Geometric algebra provides exactly these pieces of information: 1. and 2. are trivial, 3. can related to the measurements  by, for example $a \cdot b =  |a||b|\cos(\theta_{ab})$, and 4. is represented by $\frac{a\wedge b}{|a \wedge b|}$. Again, you might argue that you, as a matter of fact, have $2d$ pieces of information in the components $a_i$ and $b_i$. However, that is not true, as any two lists of numbers $a_i, b_i$ obeying the conditions
$$
\sum_i a_i^2 = a^2\\
\sum_i b_i^2 = b^2\\
\sum_i a_i b_i = |a||b| \cos(\theta_{ab})
$$
are components of $a$ and $b$ in some coordinate system. So there is no more information there.

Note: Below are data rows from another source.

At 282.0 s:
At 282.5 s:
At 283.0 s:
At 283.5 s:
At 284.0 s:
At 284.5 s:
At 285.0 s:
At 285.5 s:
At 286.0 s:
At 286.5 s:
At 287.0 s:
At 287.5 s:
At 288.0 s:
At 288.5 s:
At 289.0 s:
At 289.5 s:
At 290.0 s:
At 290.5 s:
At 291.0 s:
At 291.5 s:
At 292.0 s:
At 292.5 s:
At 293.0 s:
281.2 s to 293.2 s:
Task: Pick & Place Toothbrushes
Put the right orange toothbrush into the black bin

Note that you cannot, for example, say anything more about the plane than that it exists, and that $a$ and $b$ are contained in the plane, since there is nothing else to compare it to. So this is indeed all the information available to you, unless more geometric objects (vectors, bivectors, $k$-blades etc) are given for reference.

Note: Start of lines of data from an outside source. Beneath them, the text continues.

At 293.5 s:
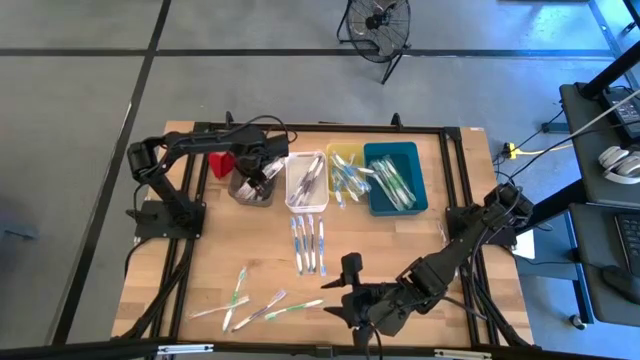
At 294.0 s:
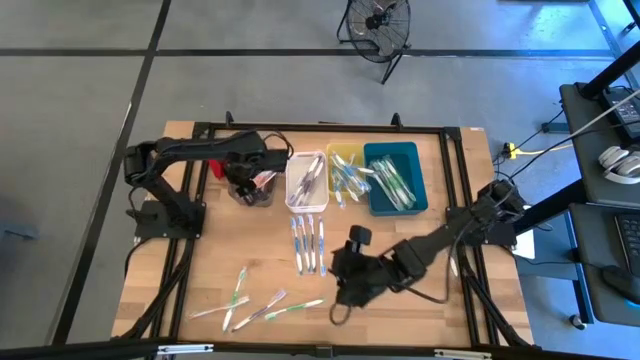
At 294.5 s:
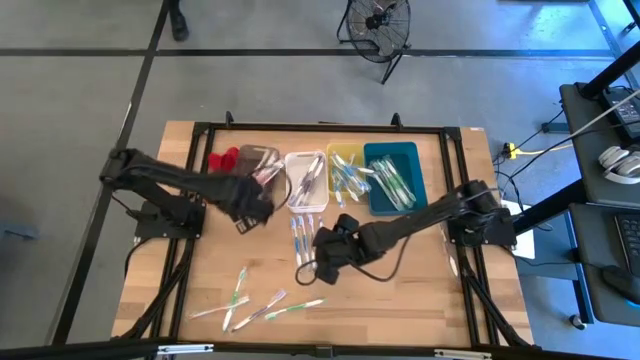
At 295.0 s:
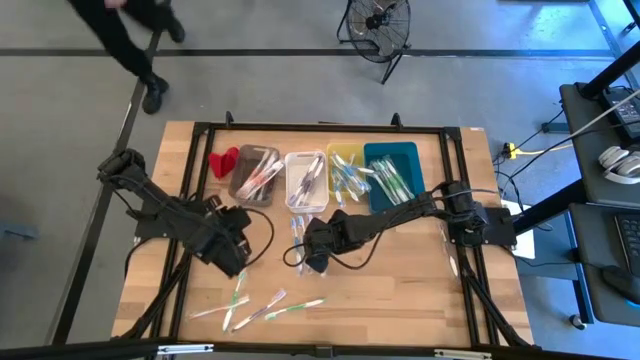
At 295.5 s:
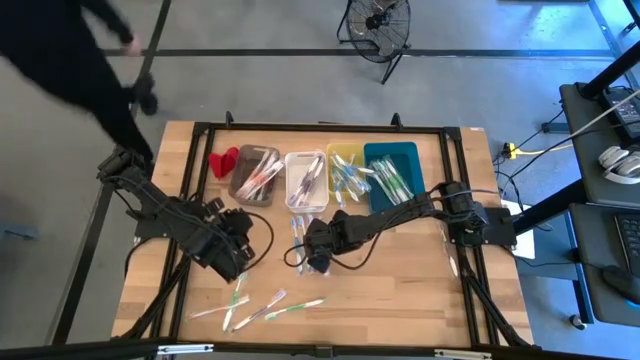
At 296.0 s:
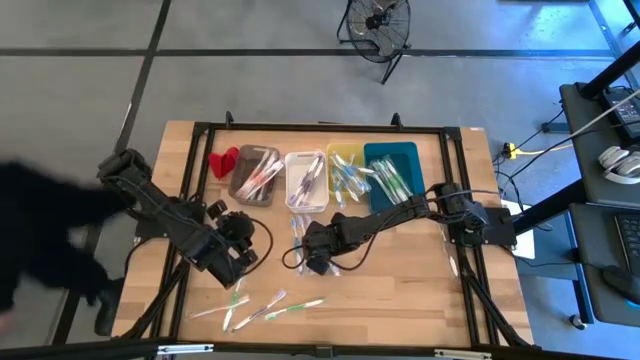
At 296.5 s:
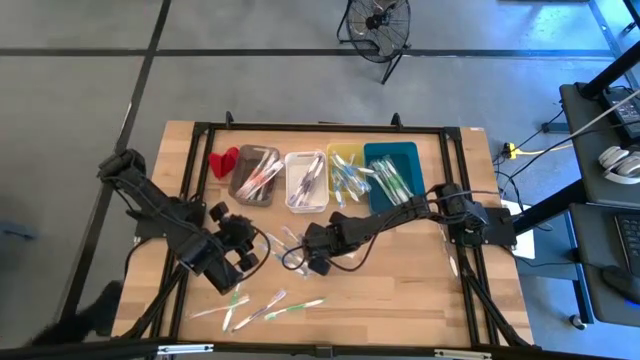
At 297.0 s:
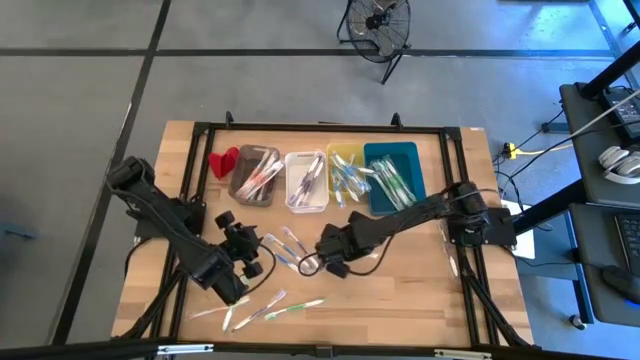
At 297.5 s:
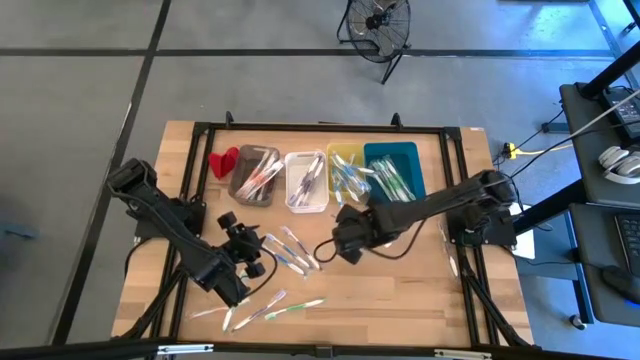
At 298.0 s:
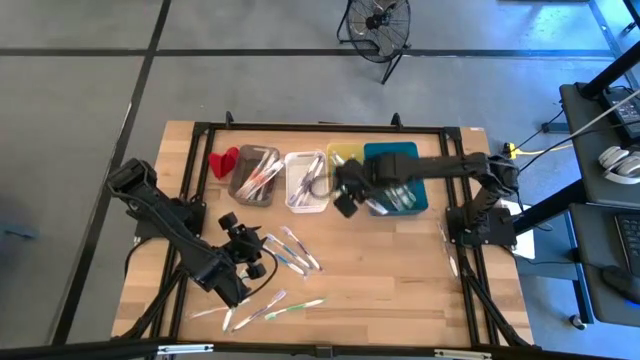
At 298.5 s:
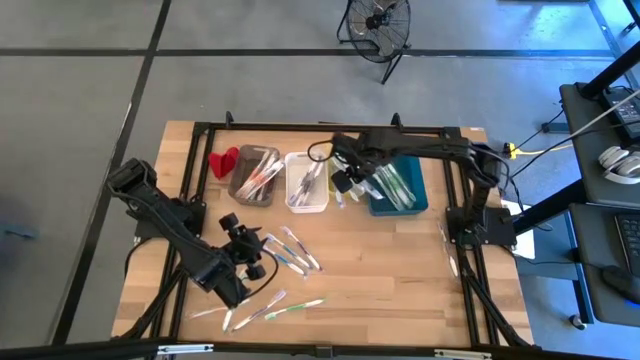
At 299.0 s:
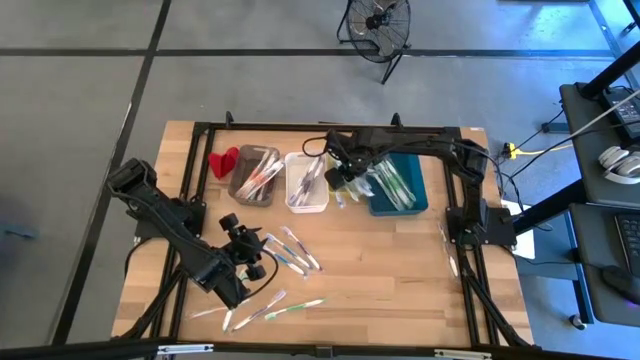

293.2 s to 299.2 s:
Put the right blue toothbrush into the yellow bin

So to you specific problem: you have two vectors $a$ and $b$, and a third one is known to be related to them by $c = a + b$. So here you have the same pieces of information that can be extracted from $a$ and $b$ as in the previous example, and in addition the relation that fixes $c$ in terms of $a$ and $b$. So you have to measure/assume known/somehow gain access to three independent pieces of information, for example $|a|, |b|$ and $\theta_{ab}$ (or just as well $a \cdot b$ directly) in order to define your system. Once that is done, you can indeed relate the number $c^2 = a^2 + b^2 + 2 a\cdot b$ to the information you have.

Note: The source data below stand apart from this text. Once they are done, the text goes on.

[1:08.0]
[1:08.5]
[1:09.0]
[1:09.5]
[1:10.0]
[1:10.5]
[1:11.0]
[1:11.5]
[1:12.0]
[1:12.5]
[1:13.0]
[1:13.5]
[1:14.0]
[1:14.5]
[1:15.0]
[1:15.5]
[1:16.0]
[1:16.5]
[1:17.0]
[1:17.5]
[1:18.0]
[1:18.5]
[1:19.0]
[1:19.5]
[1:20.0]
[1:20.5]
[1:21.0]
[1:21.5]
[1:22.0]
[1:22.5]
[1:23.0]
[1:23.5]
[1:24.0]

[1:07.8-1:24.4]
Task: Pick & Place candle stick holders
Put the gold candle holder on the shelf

Notice that the result you get in components, $a\cdot b = \alpha \gamma + \beta \delta$ does not provide you any more information, as the components $\alpha, \gamma, \beta, \delta$ are completely arbitrary up to the constraints described above. Simply ask yourself this: if you are again that formless blob with a ruler, how do you use that result of yours to arrive at the value of $a\cdot b$? Will you end up essentially measuring $a\cdot b$ anyway while doing that?
There are two points to take out of this:


*

*using geometric algebra, you can relate any quantity (quantity not being limited to scalars here) that is defined independently of coordinates to any other quantity that is defined independently of coordinates, if you have enough relations to fix them.

*There is a common illusion that when you write something down in general coordinates, you have in some sense solved the problem more thoroughly than when you simply state the maximal number of invariant relations between the given quantities and the result. This is however just an illusion.

A: You have vector $a, b, c$, and the squared length $a^2, b^2, c^2$. Now if we add the relationship $$ c = a  + b$$, we can define $$ 2a\cdot b = c^2 - a^2 - b^2$$.
Note the logic flow is from $c^2$ to $a \cdot b$, not from $a\cdot b$ to $c^2$. In this sense, the inner product is index free.